» **Task to carry out**:
Set down each entry exactly; omit images.

** Information given follows **

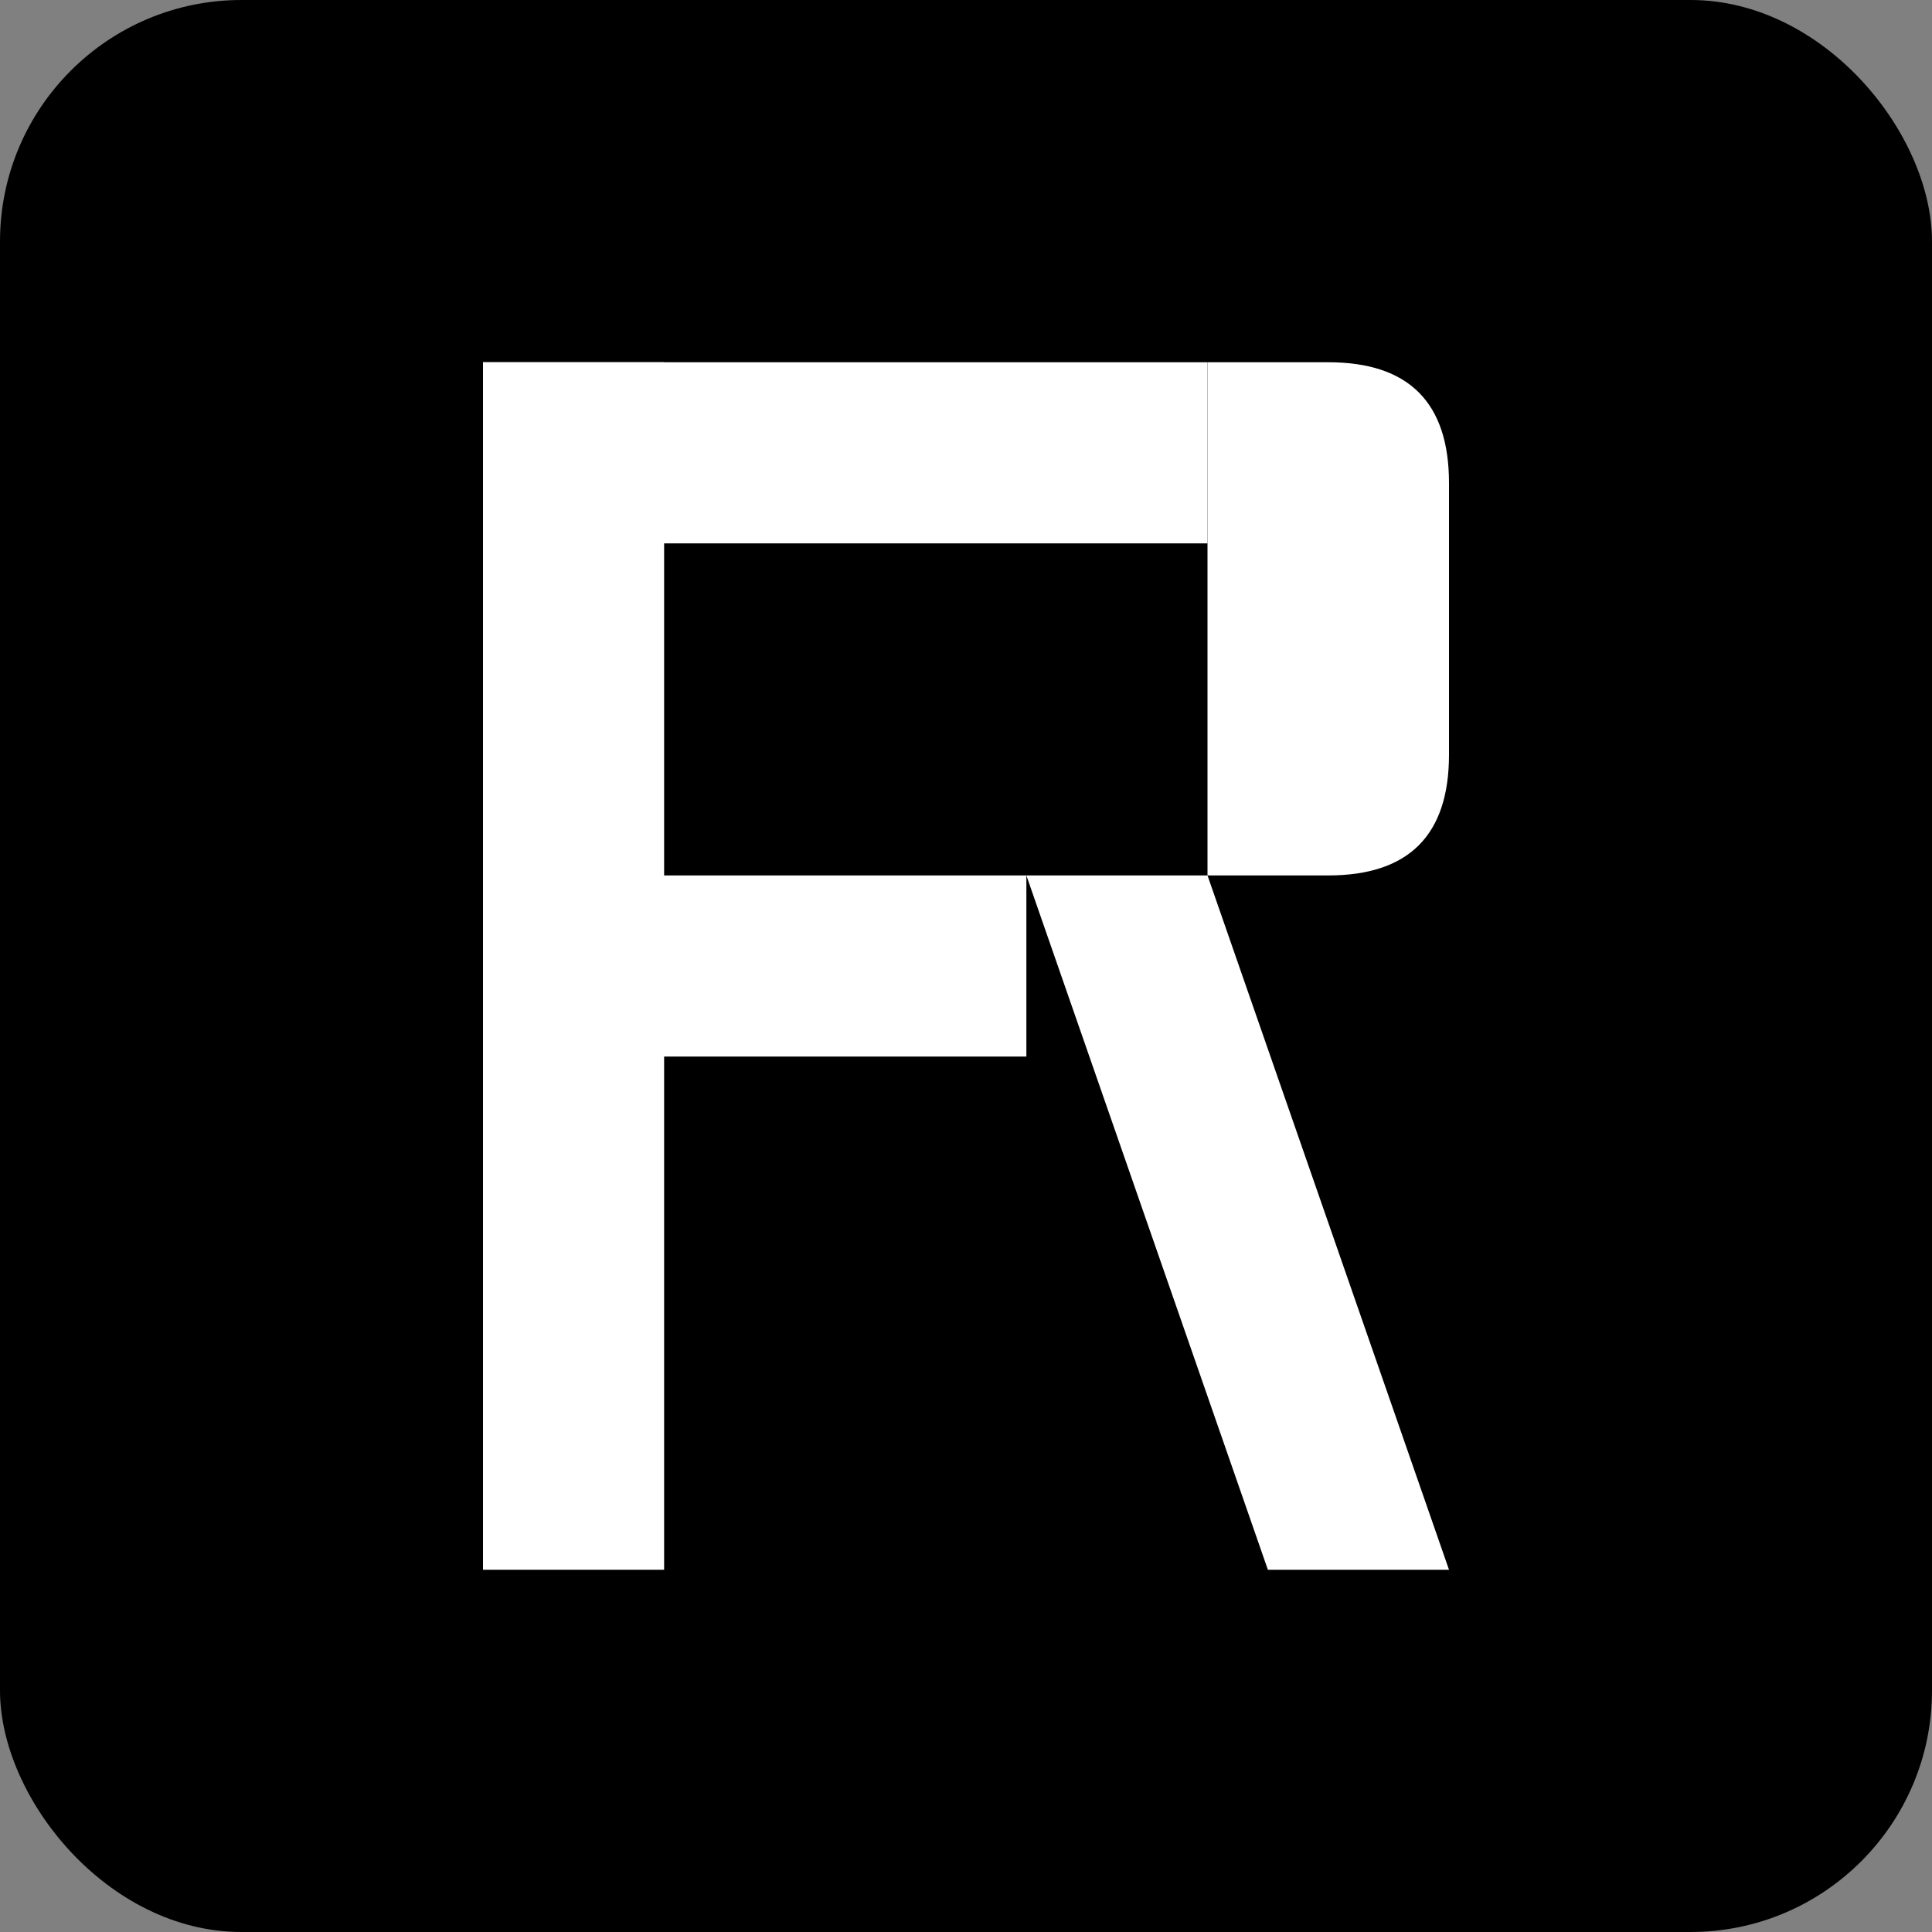 <svg width="32" height="32" viewBox="0 0 32 32" xmlns="http://www.w3.org/2000/svg">
  <rect x="0" y="0" width="32" height="32" fill="#808080" stroke="none"/>
  <!-- Black Background -->
  <rect x="0" y="0" width="32" height="32" rx="4" ry="4" fill="#000000"/>
  
  <!-- R Letter -->
  <g transform="translate(8, 6)">
    <!-- Vertical stroke -->
    <rect x="0" y="0" width="3" height="20" fill="white"/>
    
    <!-- Top horizontal stroke -->
    <rect x="0" y="0" width="12" height="3" fill="white"/>
    
    <!-- Middle horizontal stroke -->
    <rect x="0" y="8.5" width="9" height="3" fill="white"/>
    
    <!-- Curved top right -->
    <path d="M 12 0 L 14 0 Q 16 0 16 2 L 16 6.5 Q 16 8.5 14 8.5 L 12 8.5 Z" fill="white"/>
    
    <!-- Diagonal leg -->
    <path d="M 9 8.5 L 12 8.5 L 16 20 L 13 20 Z" fill="white"/>
  </g>
</svg>

** End of Information given **

» **Answer section**:
 <svg width="32" height="32" viewBox="0 0 32 32" xmlns="http://www.w3.org/2000/svg">
  <rect x="0" y="0" width="32" height="32" fill="#808080" stroke="none"/>
  <!-- Black Background -->
  <rect x="0" y="0" width="32" height="32" rx="4" ry="4" fill="#000000"/>
  
  <!-- R Letter -->
  <g transform="translate(8, 6)">
    <!-- Vertical stroke -->
    <rect x="0" y="0" width="3" height="20" fill="white"/>
    
    <!-- Top horizontal stroke -->
    <rect x="0" y="0" width="12" height="3" fill="white"/>
    
    <!-- Middle horizontal stroke -->
    <rect x="0" y="8.5" width="9" height="3" fill="white"/>
    
    <!-- Curved top right -->
    <path d="M 12 0 L 14 0 Q 16 0 16 2 L 16 6.5 Q 16 8.5 14 8.5 L 12 8.5 Z" fill="white"/>
    
    <!-- Diagonal leg -->
    <path d="M 9 8.5 L 12 8.5 L 16 20 L 13 20 Z" fill="white"/>
  </g>
</svg>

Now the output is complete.